Why I’m sad to see Stan, the famous T-Rex specimen, sell to a private collector for $31.8 million
Okay, if you’re into paleontology at all, even just as a nerdy layman like myself, seeing the news that “Stan,” one of the most famous Tyrannosaurus specimens in the world, has been sold to a private collector for a big ol’ pile of money — $31.8 million USD to be exact — will likely cause you to have opinions. I know it did for me.
Now, I am not qualified to discuss the complexities of the ownership debate on Stan or other Tyrannosaurus rex fossils like Sue, but I will say that with Stan having quite possibly the best preserved T-Rex skull in the world, the idea that he’s going to vanish into a private collection rather than being available not only for public viewing but for continuing research into the species is disheartening at best. Stan is a scientifically valuable specimen, 70% complete, and many museums around the world are displaying casts of the animal right now. This means that we’ll have a solid idea of what the skeleton has to say about the animal, but there’s no substitute for the actual specimen.

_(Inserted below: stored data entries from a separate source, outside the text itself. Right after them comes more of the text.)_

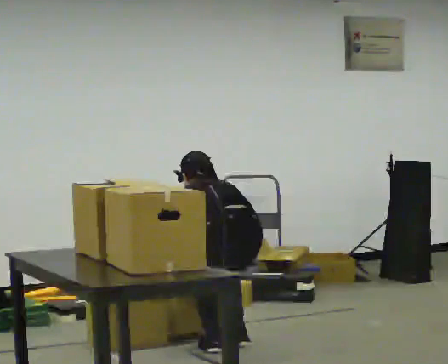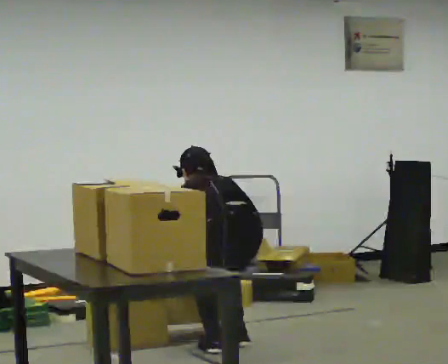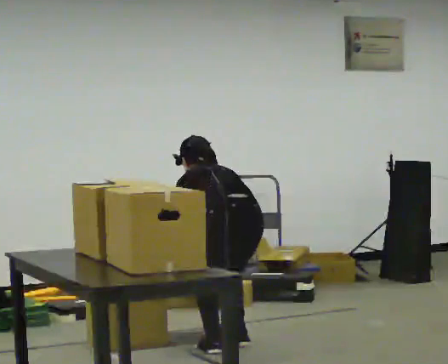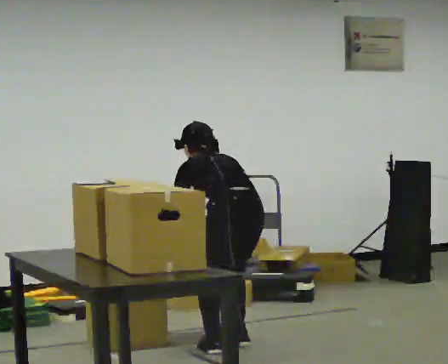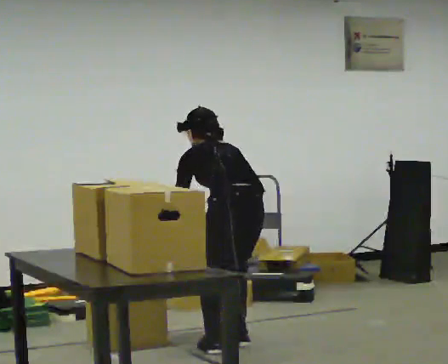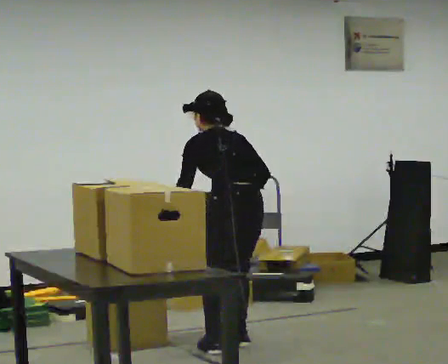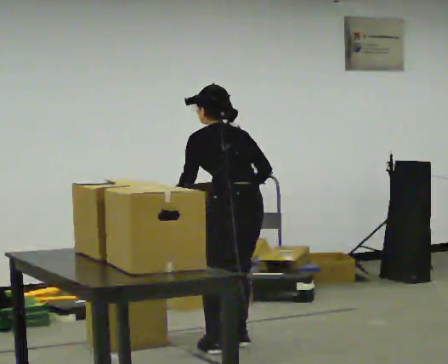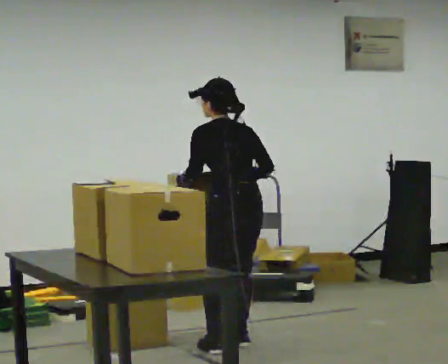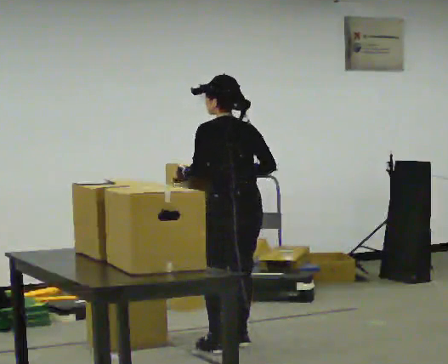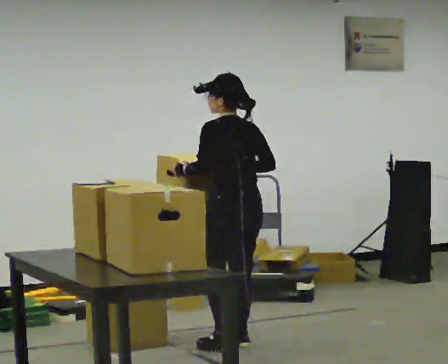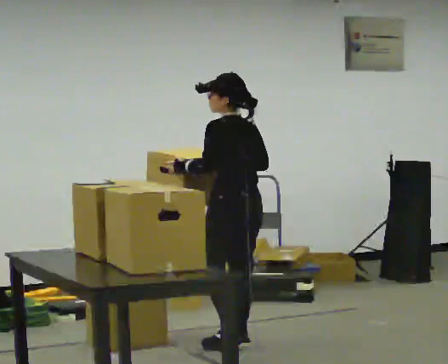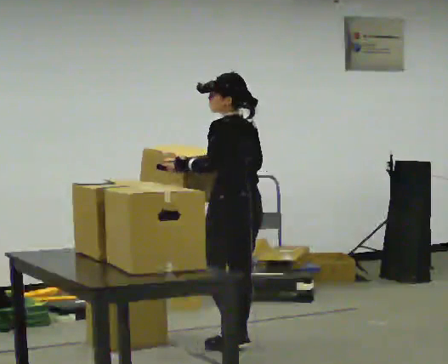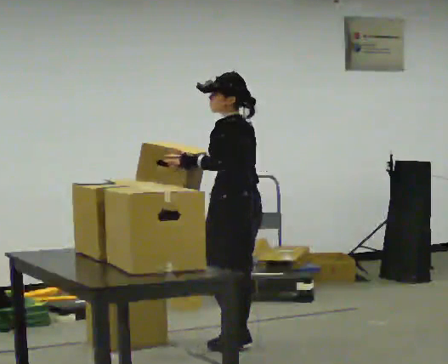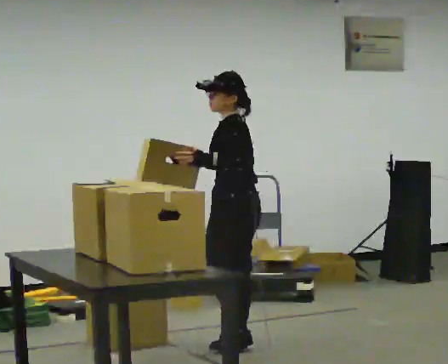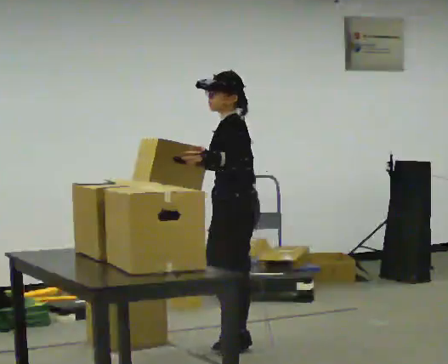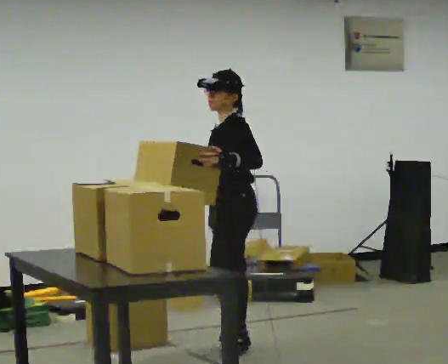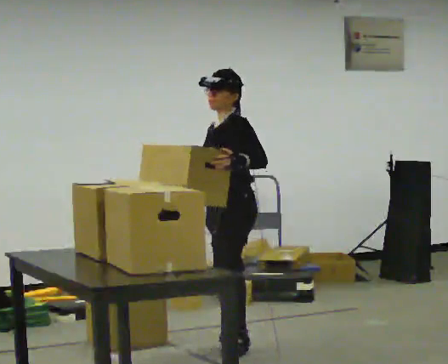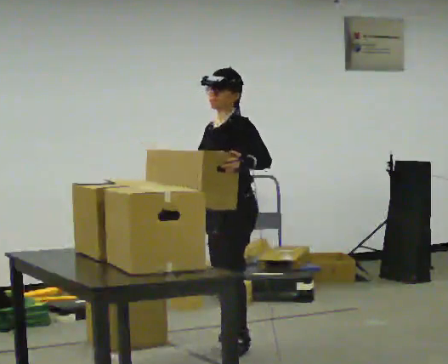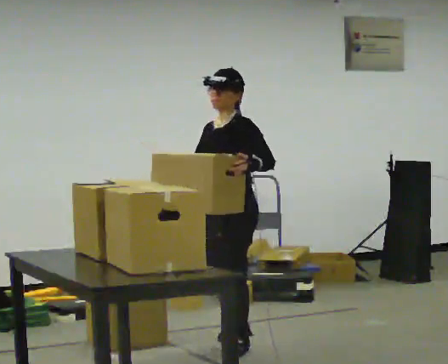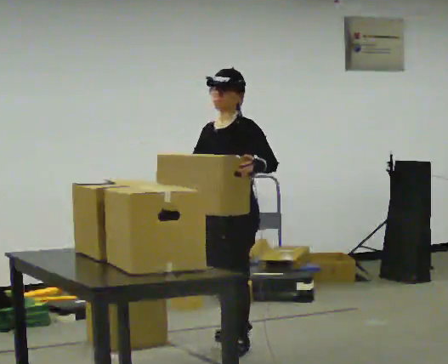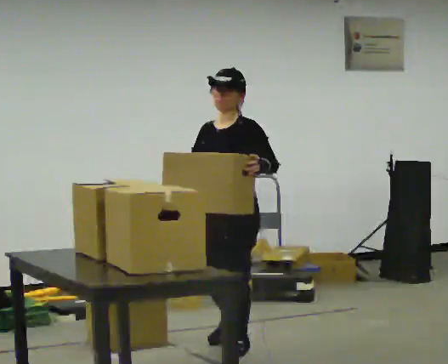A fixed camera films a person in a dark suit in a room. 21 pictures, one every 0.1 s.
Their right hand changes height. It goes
upward.
The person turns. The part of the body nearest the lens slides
to the right.
0.0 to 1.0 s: The upper body goes upward. The upper body tips toward the camera, its near side rolling downward, as they lean back or straighten. In the picture their right hand goes upward.
1.0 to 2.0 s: The person turns about 90 degrees to their left, counterclockwise seen from above, so the part of the body nearest the lens slides to the right. In the picture they go toward the camera, about 0.25 m in 1 step. In the picture their left hand goes to the right.
The film runs forward here.
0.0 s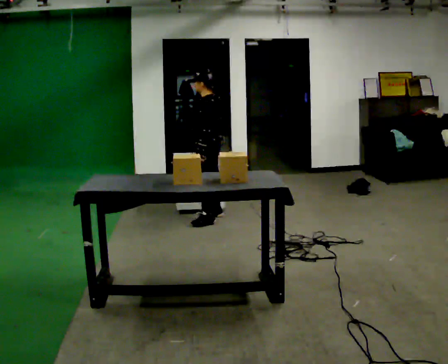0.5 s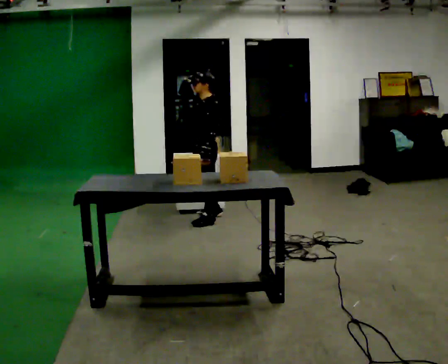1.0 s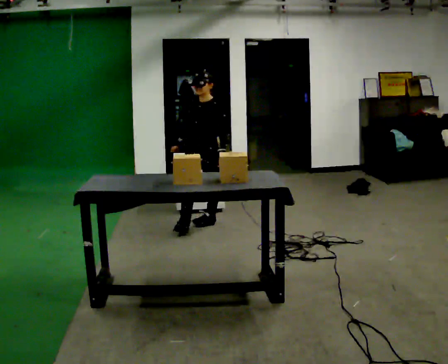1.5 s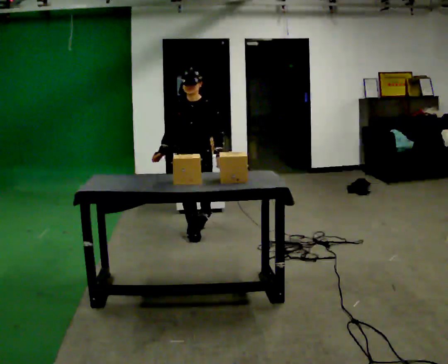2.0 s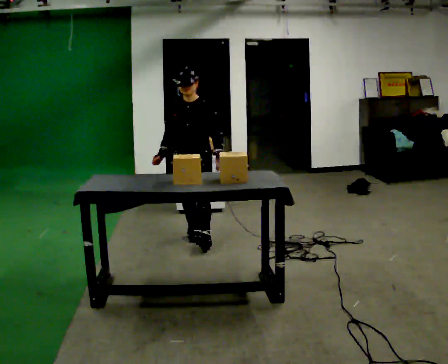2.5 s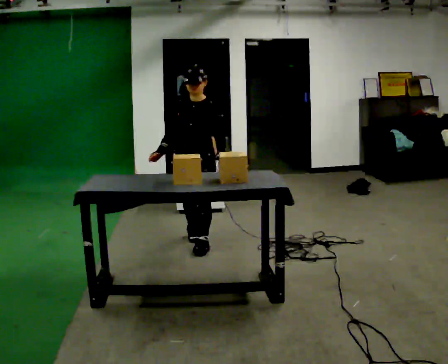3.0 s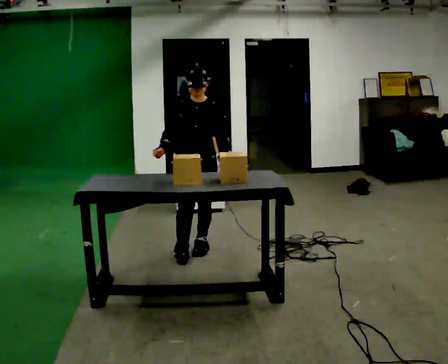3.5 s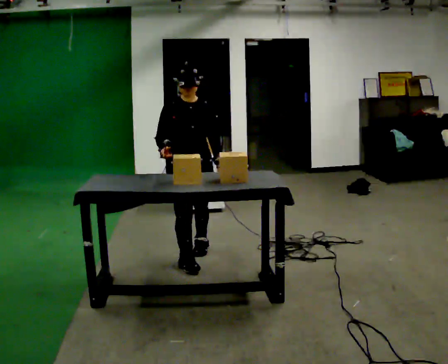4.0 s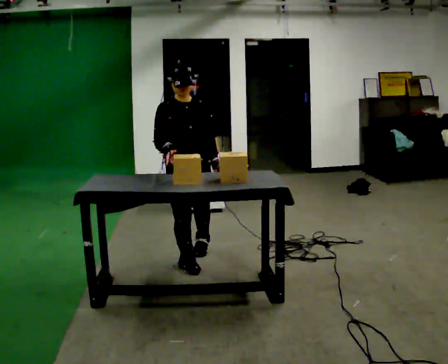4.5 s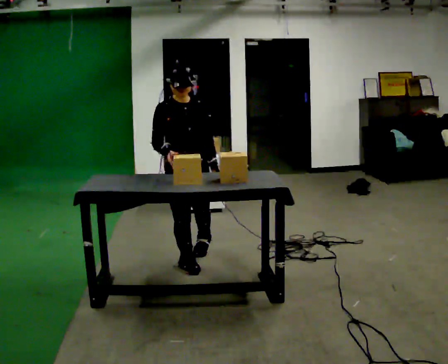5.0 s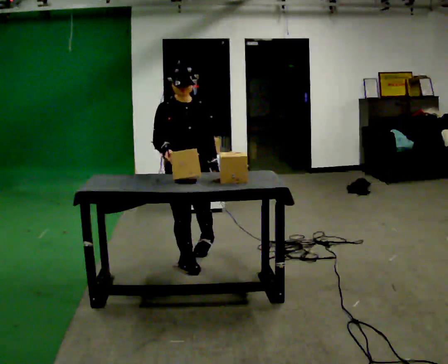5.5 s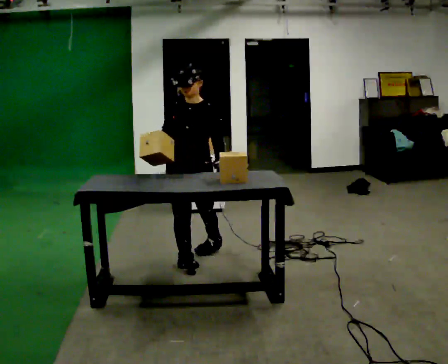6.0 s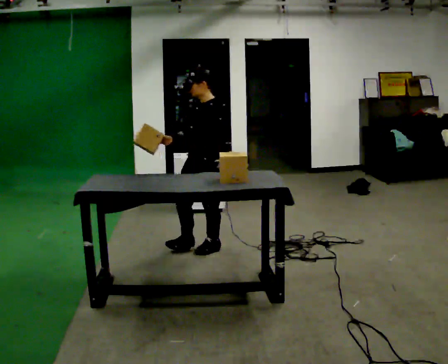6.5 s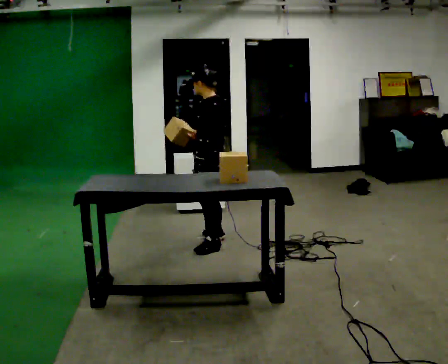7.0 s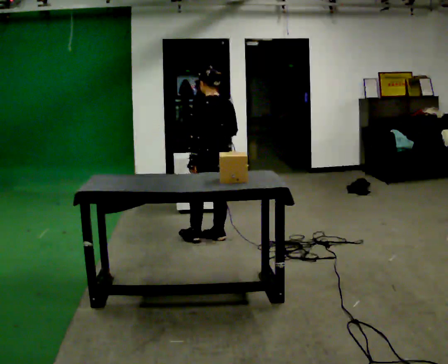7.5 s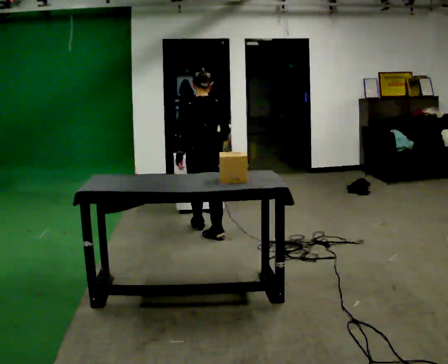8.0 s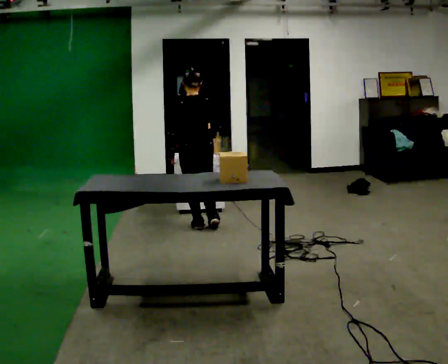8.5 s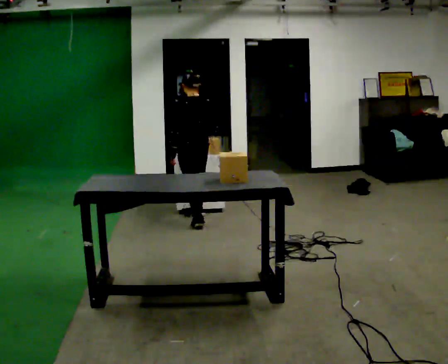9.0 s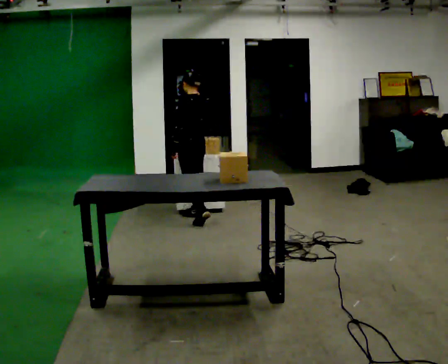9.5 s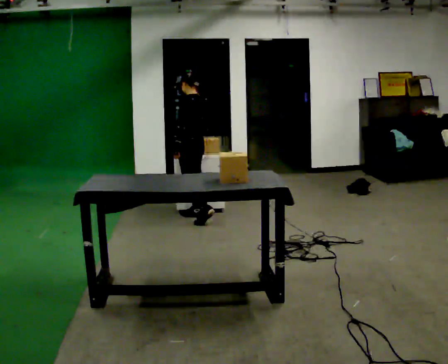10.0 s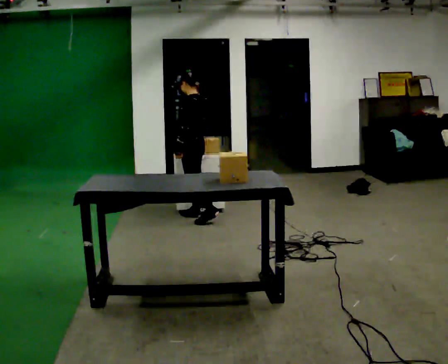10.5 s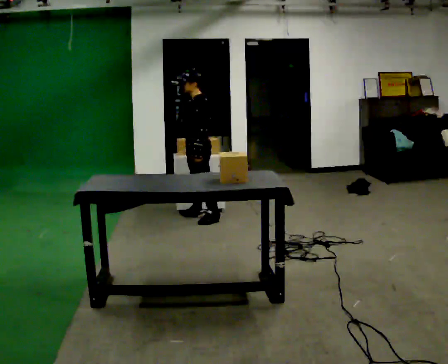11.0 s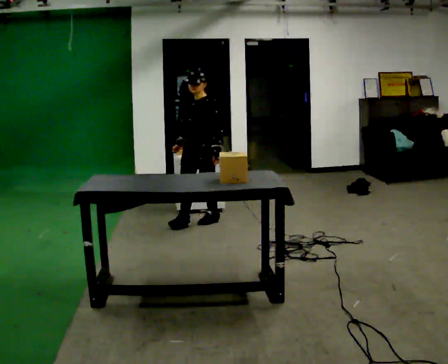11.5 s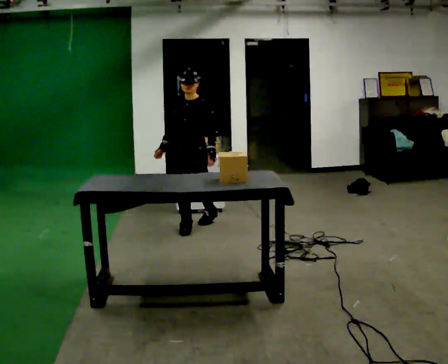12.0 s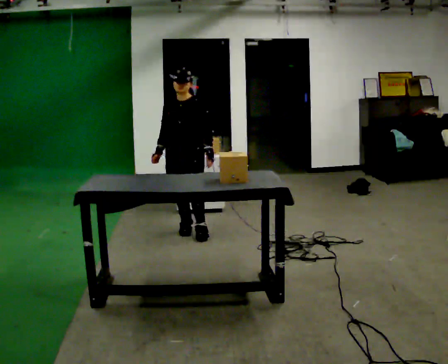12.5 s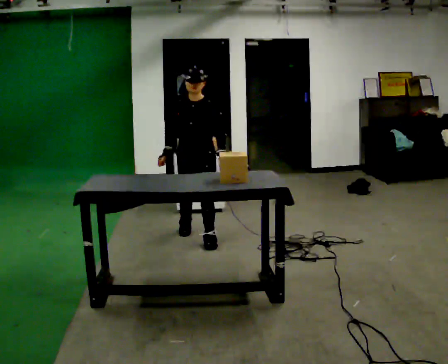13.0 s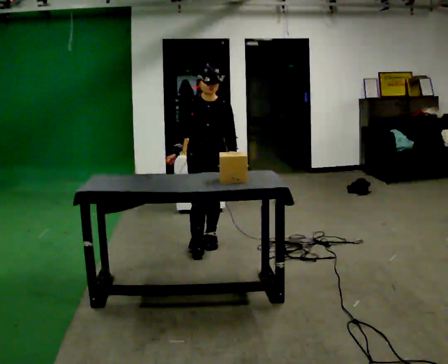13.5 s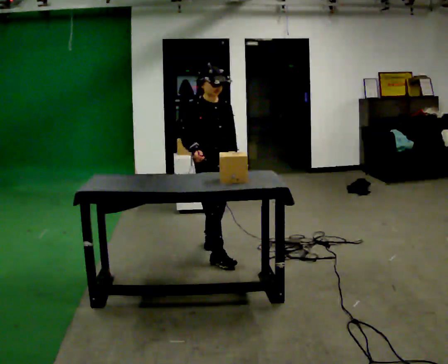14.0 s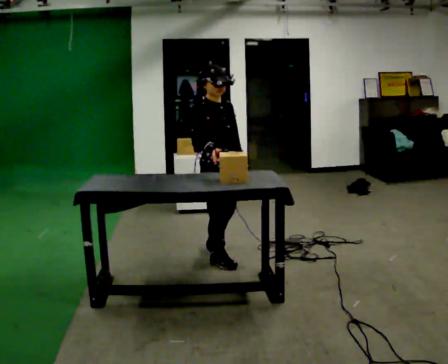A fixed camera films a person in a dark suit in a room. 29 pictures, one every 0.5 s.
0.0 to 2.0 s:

This is a loss for us all. This is a loss for the science of paleontology. It’s a loss for the public, for the research into Tyrannosaurus development and evolution, and for the idea that certain things are more valuable for what they can teach us than as relics to be hoarded by the wealthy. This sale pushes the idea that these fossils are trinkets to be sold to the highest bidder rather than valuable remains that can teach us about the world and our place in it, making the natural history of our world and our place for it hostages to the rich.
Unlike Sue, which was also the subject of a ownership dispute but who ultimately ended up at the Field Museum of Natural History, we have no idea who purchased Stan as it was an anonymous purchase at auction. We can take some solace from the fact that Stan has been heavily cast and there are a great variety of Stan casts on display, so while we don’t know where he’ll end up, we can at least still see reproductions of the specimen.
I admit, I find some kind of grim sardonic humor in the idea of a wealthy anonymous person purchasing the most duplicated Tyrannosaurus rex specimen in the world. It’s the kind of humor you only laugh at because it hurts and you can’t figure out a better response, but it’s there. I’ve seen Stan — there’s a cast of him at the National Museum of Natural History in Washington DC, and his remains have been used in studies of T-Rex weight distribution and bite force that challenge the ideas we previously held about the bulk of the species, arguing that they were larger and more robust than we previously believed. Stan has signs of bite marks and even a broken neck that he survived, injuries that may even have been caused by his mate — turns out Tyrannosaurus‘ not only probably lived in family groups, but that their love lives were rougher than we may have understood.
We have learned a lot from Stan and other specimens like him, and it’s a real shame to see him disappear into some private collection, if that’s even what’s happening here. We don’t know yet, of course, because the buyer was anonymous. My hope is he ends up in a museum, because that’s where he belongs. But if not, well, he did a lot for us before this, and I thank him. Goodbye, BHI 3033.